A thorough understanding of the complex flow structure of gas-solid spouted bed is crucial for design, scale-up and performance. Advanced gas-solid optical probes were developed and used to evaluate different hydrodynamic parameters of spouted beds. These optical probes measure solids concentration, velocity and their time series fluctuations. Since solids concentration needs to be converted to solids holdup through calibration, for meaningful interpretation of results, a novel calibration method was proposed (which is inexpensive and reliable compared to the current reported methods) and validated in the present study. The reported dimensionless groups approach of spouted bed scale-up was assessed and was found that the two different spouted beds were not hydrodynamically similar. Hence, a new scale-up methodology based on maintaining similar or close radial profiles of gas holdup was proposed, assessed and validated. CFD was used after it was validated as an enabling tool to facilitate the implementation of the newly developed scale-up methodology by identifying the new conditions for maintaining radial profiles of gas holdup while scaling up. It can also be implemented to quantify the effect of various variables on their hydrodynamic parameters. Gamma Ray Densitometry (GRD), a non-invasive radioisotope based technique, was developed and demonstrated to montior on-line the conditions for the scale-up, flow regime and spouted beds operation. The solids holdup in spout region increases with axial height due to movement of solids from the annulus region.

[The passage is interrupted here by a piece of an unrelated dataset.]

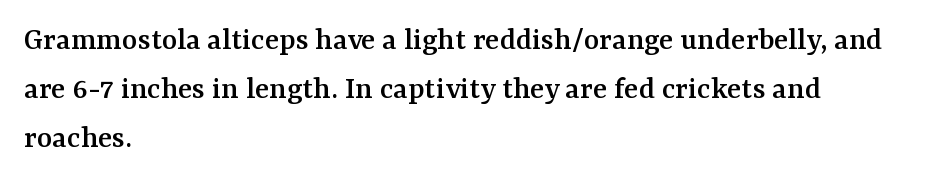
The image shows 33 px serif type, upright; set left-aligned, normal line spacing (1.48x), normal letter spacing, not underlined; medium stroke contrast and a medium x-height.
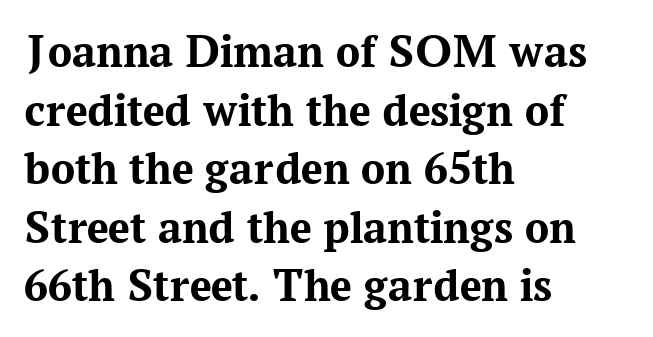
This rendering features lettering with no underline. If you drew a line through each stem, it would be perfectly vertical. Note: serifs present on the glyphs. Line beginnings align vertically; line endings do not. The rendering uses natural spacing where letterforms have individual widths.
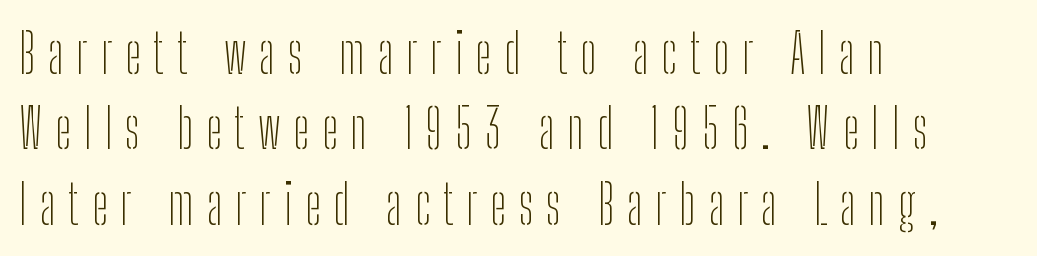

However, solids velocity in the spout region decreases with axial height. In the annulus region the solids move downward as a loose packed bed and the solids velocity and holdup do not change with axial height. Using factorial design of experiments it was found that solids density, static bed height, particle diameter, superficial gas velocity and gas inlet diameter had significant effect on the identification of spout diameter. Flow regimes in spouted bed were determined with the help of optical probes, pressure transducers and GRD. It was found that the range of stable spouting regime is higher in 0.152 m beds and the range of stable spouting decreases in the 0.076 m beds. The newly developed non-invasive radioisotope technique (GRD) was able to successfully identify different flow regimes and their transition velocities besides scale-up conditions and operation.